# THE TASK
For the data below, give again exactly the lines from the one containing "arasında sinfi mübarizə kəskinləşirdi." through the one containing "解法 1 由于 \(f(x)\)在它的每一个周期中都恰好有一个极大值和一个极小值,而任意两个整数间的距离都不小于1,因而", both ends included, and no others.

(Data items)

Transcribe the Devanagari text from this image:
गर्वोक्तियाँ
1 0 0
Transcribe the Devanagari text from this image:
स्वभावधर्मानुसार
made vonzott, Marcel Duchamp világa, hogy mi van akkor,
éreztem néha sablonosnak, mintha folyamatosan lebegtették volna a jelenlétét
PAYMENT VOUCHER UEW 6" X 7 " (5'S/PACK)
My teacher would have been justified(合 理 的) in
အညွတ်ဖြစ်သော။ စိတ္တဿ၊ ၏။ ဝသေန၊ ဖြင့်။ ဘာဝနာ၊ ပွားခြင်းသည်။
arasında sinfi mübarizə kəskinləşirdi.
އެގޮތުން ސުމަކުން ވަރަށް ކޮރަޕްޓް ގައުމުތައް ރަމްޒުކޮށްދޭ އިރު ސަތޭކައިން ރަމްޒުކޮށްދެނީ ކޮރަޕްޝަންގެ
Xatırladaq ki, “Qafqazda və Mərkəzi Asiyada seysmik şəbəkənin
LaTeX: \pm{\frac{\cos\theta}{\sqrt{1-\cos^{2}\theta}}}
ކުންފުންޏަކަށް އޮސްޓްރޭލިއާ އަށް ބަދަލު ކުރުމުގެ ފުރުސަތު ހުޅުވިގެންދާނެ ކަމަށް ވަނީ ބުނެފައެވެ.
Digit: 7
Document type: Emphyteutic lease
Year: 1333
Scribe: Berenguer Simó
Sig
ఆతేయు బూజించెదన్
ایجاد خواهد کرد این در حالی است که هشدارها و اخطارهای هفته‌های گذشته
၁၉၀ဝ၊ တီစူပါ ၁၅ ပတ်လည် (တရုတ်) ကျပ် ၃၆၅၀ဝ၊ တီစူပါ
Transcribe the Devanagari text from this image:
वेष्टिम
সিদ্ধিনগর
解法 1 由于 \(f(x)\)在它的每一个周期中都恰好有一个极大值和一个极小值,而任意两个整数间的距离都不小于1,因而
...
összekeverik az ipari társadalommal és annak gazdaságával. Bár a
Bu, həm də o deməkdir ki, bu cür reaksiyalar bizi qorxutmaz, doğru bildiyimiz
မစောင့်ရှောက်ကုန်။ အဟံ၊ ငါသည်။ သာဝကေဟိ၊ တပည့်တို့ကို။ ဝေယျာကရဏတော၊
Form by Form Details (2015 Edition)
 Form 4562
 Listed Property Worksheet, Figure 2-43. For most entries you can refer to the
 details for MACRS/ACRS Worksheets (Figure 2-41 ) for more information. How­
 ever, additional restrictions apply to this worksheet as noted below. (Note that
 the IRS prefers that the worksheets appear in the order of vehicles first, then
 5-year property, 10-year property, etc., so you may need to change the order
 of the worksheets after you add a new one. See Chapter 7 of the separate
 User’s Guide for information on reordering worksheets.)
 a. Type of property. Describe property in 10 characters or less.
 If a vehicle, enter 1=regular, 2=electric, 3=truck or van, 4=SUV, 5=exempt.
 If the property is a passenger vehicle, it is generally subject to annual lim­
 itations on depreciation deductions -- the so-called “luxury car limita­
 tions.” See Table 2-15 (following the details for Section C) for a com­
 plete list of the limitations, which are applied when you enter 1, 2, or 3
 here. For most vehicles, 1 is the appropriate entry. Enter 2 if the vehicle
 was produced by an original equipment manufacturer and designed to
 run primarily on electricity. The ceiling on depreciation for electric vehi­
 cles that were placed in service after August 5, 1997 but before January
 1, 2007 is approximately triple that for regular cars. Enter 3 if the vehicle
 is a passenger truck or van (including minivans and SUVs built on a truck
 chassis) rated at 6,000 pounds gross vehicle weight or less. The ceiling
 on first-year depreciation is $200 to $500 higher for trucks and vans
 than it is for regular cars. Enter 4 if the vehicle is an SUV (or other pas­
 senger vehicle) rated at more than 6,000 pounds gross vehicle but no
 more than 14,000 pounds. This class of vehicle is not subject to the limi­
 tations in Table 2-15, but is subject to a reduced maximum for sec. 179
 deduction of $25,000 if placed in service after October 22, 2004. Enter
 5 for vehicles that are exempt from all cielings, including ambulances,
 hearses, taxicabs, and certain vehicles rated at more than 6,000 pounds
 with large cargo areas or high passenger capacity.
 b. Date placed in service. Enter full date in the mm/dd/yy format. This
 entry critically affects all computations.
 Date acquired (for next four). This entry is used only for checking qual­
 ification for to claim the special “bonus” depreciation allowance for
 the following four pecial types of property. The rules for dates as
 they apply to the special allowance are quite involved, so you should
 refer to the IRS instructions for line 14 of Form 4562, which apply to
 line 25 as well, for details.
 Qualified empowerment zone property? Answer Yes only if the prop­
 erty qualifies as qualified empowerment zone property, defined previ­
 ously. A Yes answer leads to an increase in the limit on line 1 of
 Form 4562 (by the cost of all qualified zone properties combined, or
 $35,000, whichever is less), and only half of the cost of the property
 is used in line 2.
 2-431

# YOUR SOLUTION
arasında sinfi mübarizə kəskinləşirdi.
އެގޮތުން ސުމަކުން ވަރަށް ކޮރަޕްޓް ގައުމުތައް ރަމްޒުކޮށްދޭ އިރު ސަތޭކައިން ރަމްޒުކޮށްދެނީ ކޮރަޕްޝަންގެ
Xatırladaq ki, “Qafqazda və Mərkəzi Asiyada seysmik şəbəkənin
LaTeX: \pm{\frac{\cos\theta}{\sqrt{1-\cos^{2}\theta}}}
ކުންފުންޏަކަށް އޮސްޓްރޭލިއާ އަށް ބަދަލު ކުރުމުގެ ފުރުސަތު ހުޅުވިގެންދާނެ ކަމަށް ވަނީ ބުނެފައެވެ.
Digit: 7
Document type: Emphyteutic lease
Year: 1333
Scribe: Berenguer Simó
Sig
ఆతేయు బూజించెదన్
ایجاد خواهد کرد این در حالی است که هشدارها و اخطارهای هفته‌های گذشته
၁၉၀ဝ၊ တီစူပါ ၁၅ ပတ်လည် (တရုတ်) ကျပ် ၃၆၅၀ဝ၊ တီစူပါ
Transcribe the Devanagari text from this image:
वेष्टिम
সিদ্ধিনগর
解法 1 由于 \(f(x)\)在它的每一个周期中都恰好有一个极大值和一个极小值,而任意两个整数间的距离都不小于1,因而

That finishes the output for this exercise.